## EXERCISE AIM
Transcribe exactly, and only, the lines from the one containing "land cover: Grassland" through the end of the entries below, leaving the pictures out.
========================
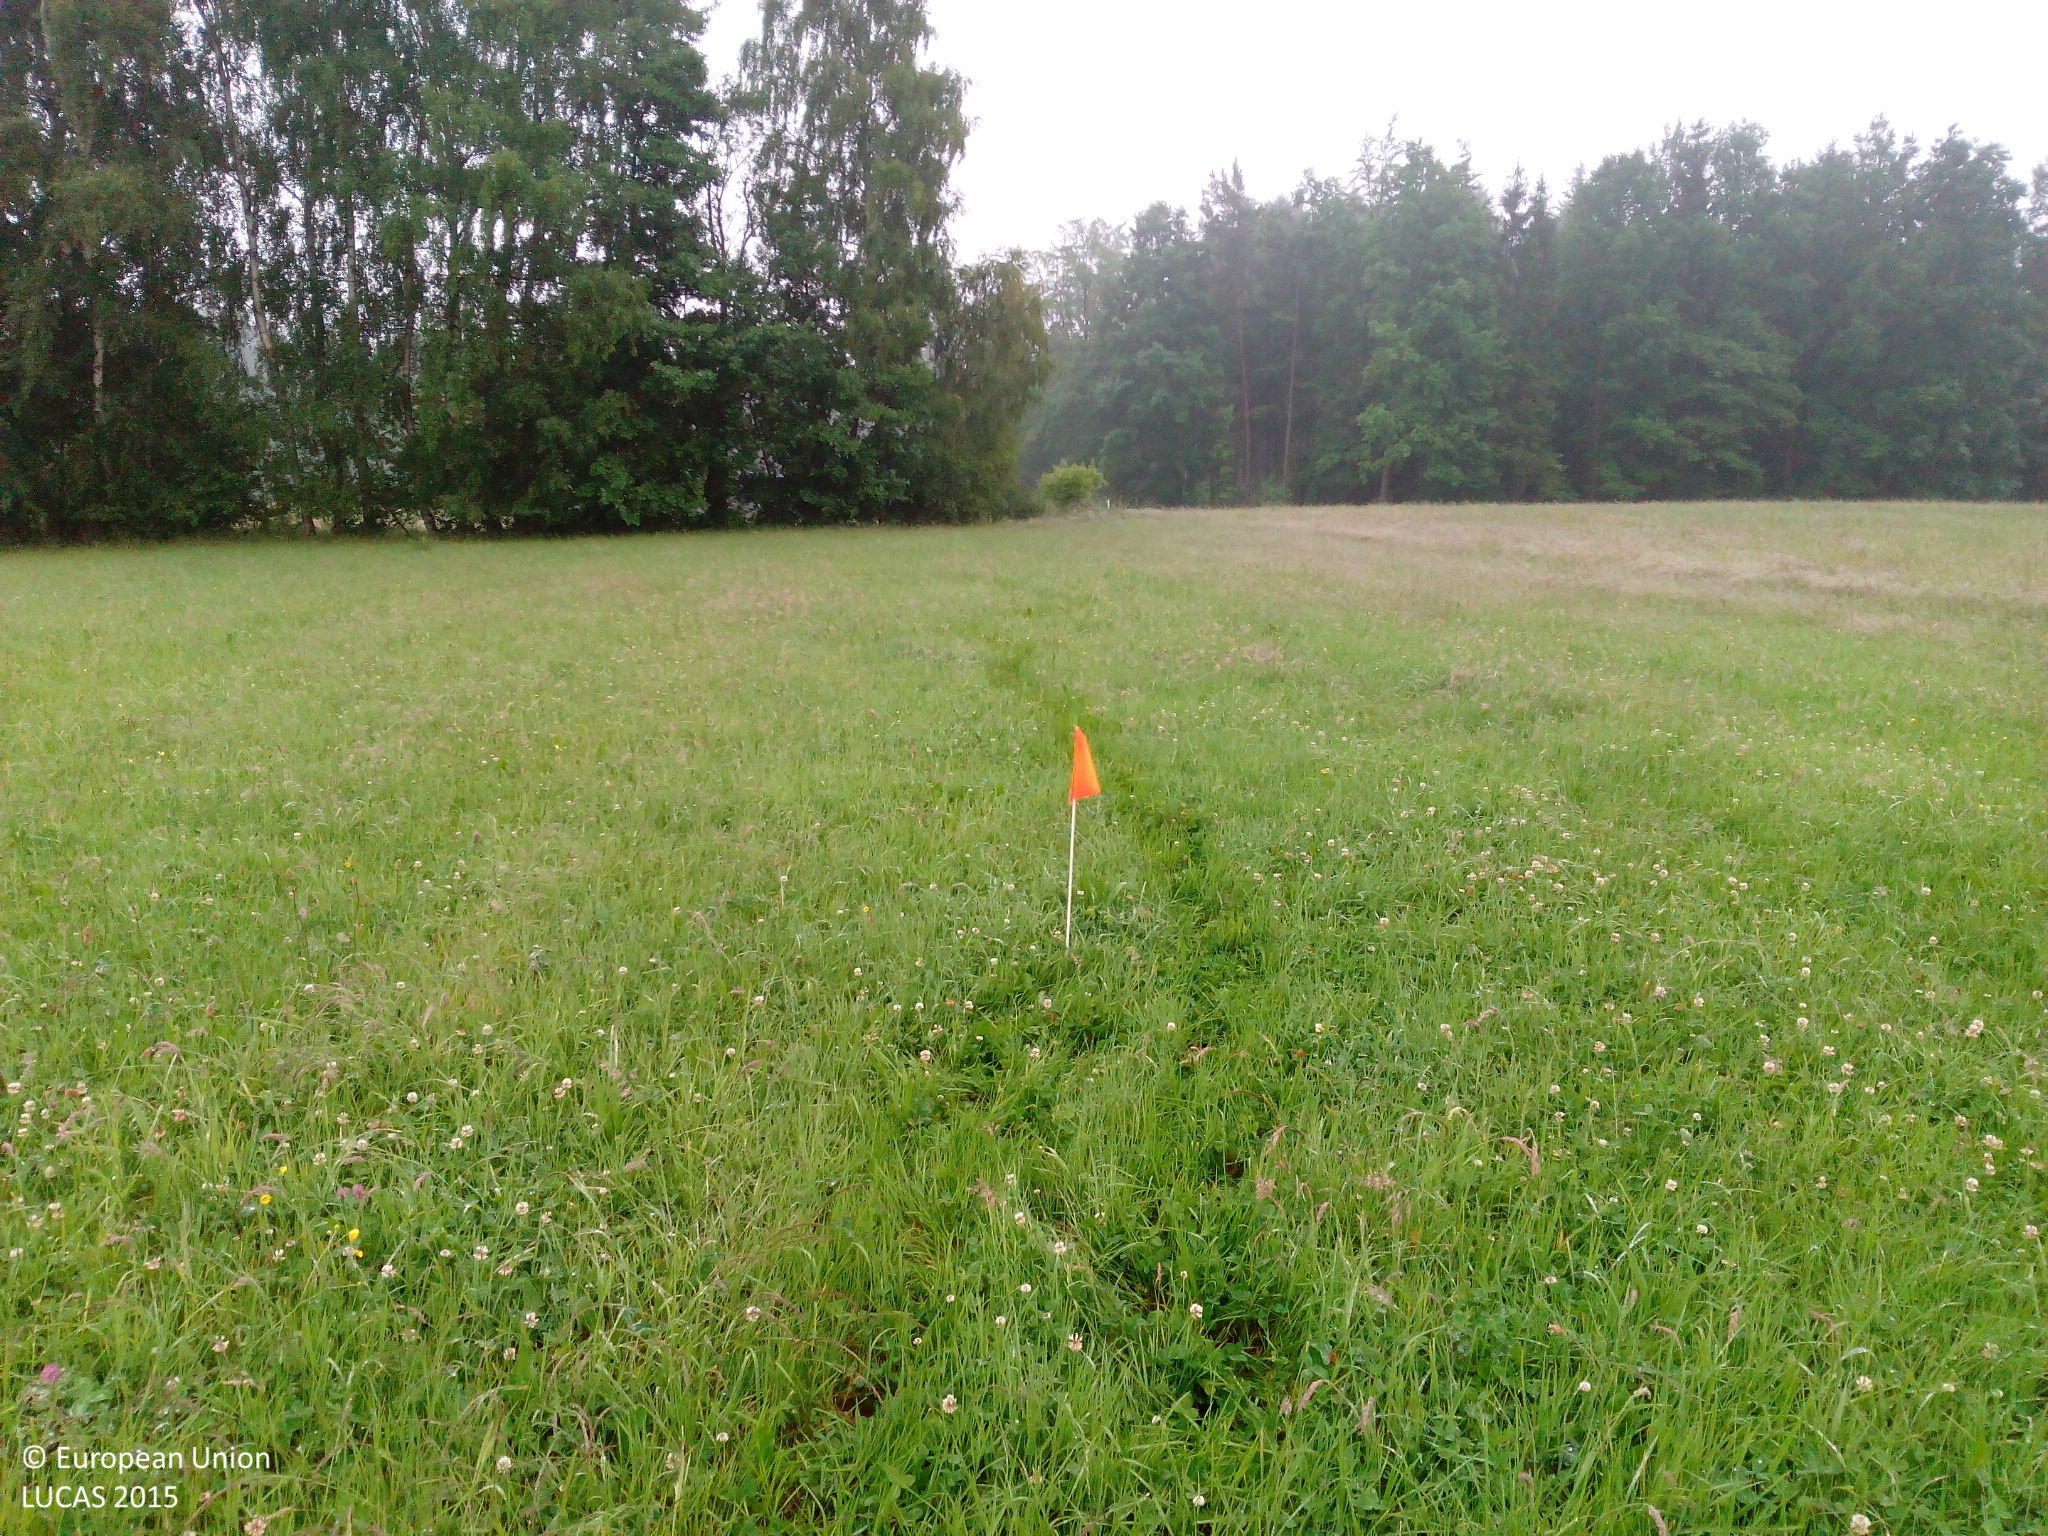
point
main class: Grassland
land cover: Grassland without tree/shrub cover
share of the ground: > 75 %
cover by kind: herbaceous plants 100 %
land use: Agriculture (excluding fallow land and kitchen gardens)
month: June
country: DE
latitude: 50.0845
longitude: 11.4950
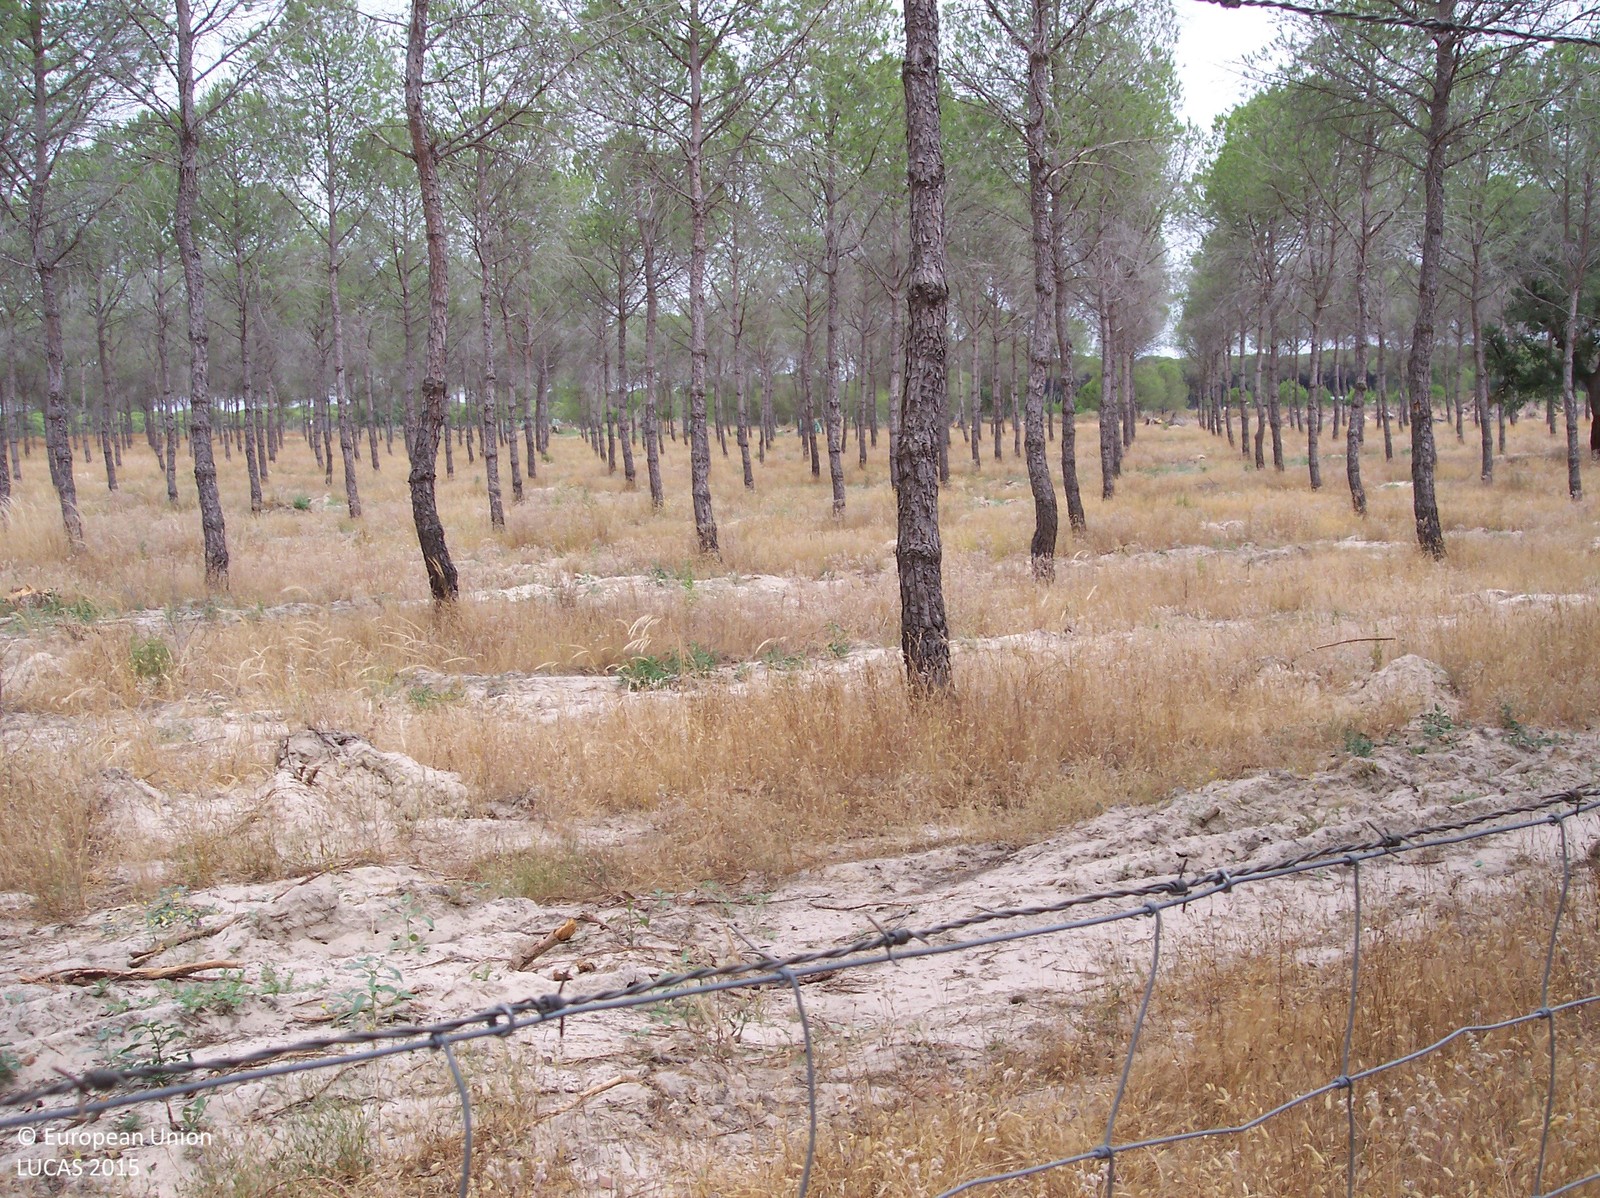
========================
## EXERCISE RESULT
land cover: Grassland without tree/shrub cover
share of the ground: > 75 %
cover by kind: herbaceous plants 100 %
land use: Agriculture (excluding fallow land and kitchen gardens)
month: June
country: DE
latitude: 50.0845
longitude: 11.4950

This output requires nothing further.